I am using the DownloadManager to download some large files from a server in my app, and I need to be able to prompt the user to download a file again if the download does not complete. I have an object called FileData which contains information about the file, such as the URL where it should be downloaded, and the size of the file.
The approach I have in place right now is that when I restart the app I call:
final File fsFile = new File(getDataFilePath(file));
if (fsFile.exists() && fsFile.length() != file.size) { // file is a variable that refers to a on object that has file information
fsFile.delete();
}
However, it appears that this approach fails because the entire file is allocated when the initial download begins, and so file size is not an accurate way to determine whether a file download completed.
Other approaches I have thought of:
Query the DownloadManager for downloads with STATUS_FAILED. This has the additional overhead of checking if there is a subsequent STATUS_SUCCESSFUL for a given file (since I imagine the DownloadManager retains the history of downloads for quite a while), among other things, so it doesn't seem like the most straightforward option.
Use an MD5 checksum to check whether the complete file has been downloaded.

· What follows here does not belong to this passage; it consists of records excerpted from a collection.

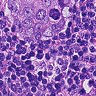
Metastatic tissue present: yes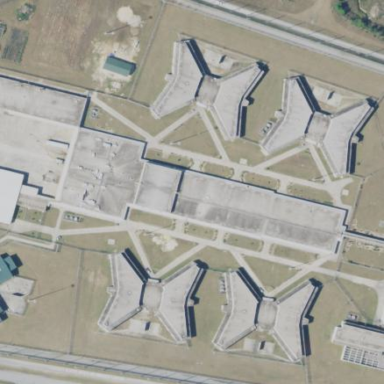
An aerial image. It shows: Prison.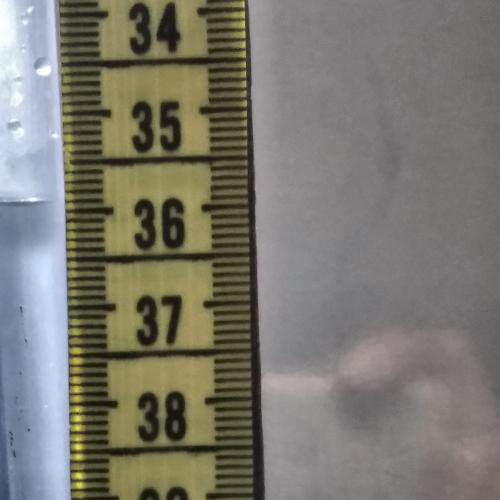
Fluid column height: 35.9 cm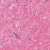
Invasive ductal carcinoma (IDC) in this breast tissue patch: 0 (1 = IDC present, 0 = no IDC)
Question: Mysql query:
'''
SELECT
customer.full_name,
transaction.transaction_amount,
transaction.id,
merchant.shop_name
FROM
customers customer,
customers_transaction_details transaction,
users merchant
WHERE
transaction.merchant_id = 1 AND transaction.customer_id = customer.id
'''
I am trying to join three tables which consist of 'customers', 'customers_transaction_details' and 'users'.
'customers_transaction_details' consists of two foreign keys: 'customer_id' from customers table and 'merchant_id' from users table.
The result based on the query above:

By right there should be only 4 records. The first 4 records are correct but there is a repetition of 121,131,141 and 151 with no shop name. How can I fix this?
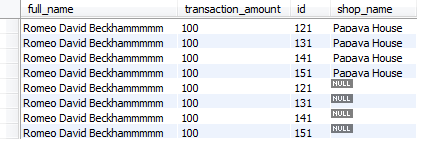
Answer: This will fix it:
'''
WHERE
transaction.merchant_id = merchant.id AND transaction.customer_id = customer.id AND merchant.id = 1
'''
It just needs a condition to map 'transaction' and 'users' tables. Setting 'transaction.merchant_id=1' by itself is not enough, because the 'users' table was left unlimited.
The join syntax in that query is obsolete, and has been so for more than 20 years. Write your joins like this:
'''
SELECT
customer.full_name,
transaction.transaction_amount,
transaction.id,
merchant.shop_name
FROM customers customer
INNER JOIN customers_transaction_details transaction ON transaction.customer_id = customer.id
INNER JOIN users merchant ON transaction.merchant_id = merchant.id
WHERE transaction.merchant_id = 1 AND
'''
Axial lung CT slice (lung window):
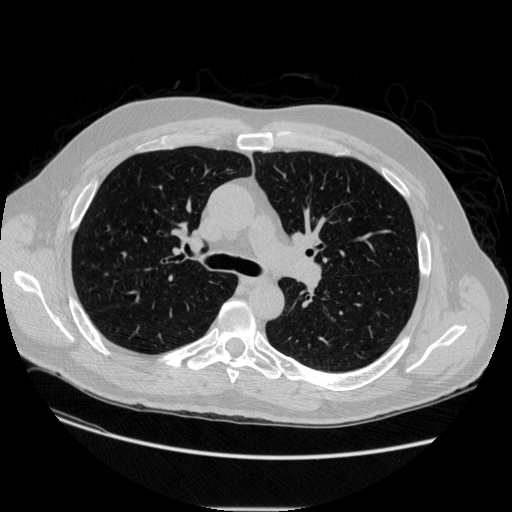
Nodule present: no

This has the disadvantage of having to make a network request to determine whether the file download failed.
At the moment, all my file downloads are sequential, so I could just store the name of the file that was downloading and the request ID for that download in the user preferences, and then check if that download completed when the app restarts. This seems like the cleanest and easiest approach.
Barring any other ideas I will go with option 3, but I was wondering if maybe there was a simple approach to this that I was missing. Any suggestions would be helpful!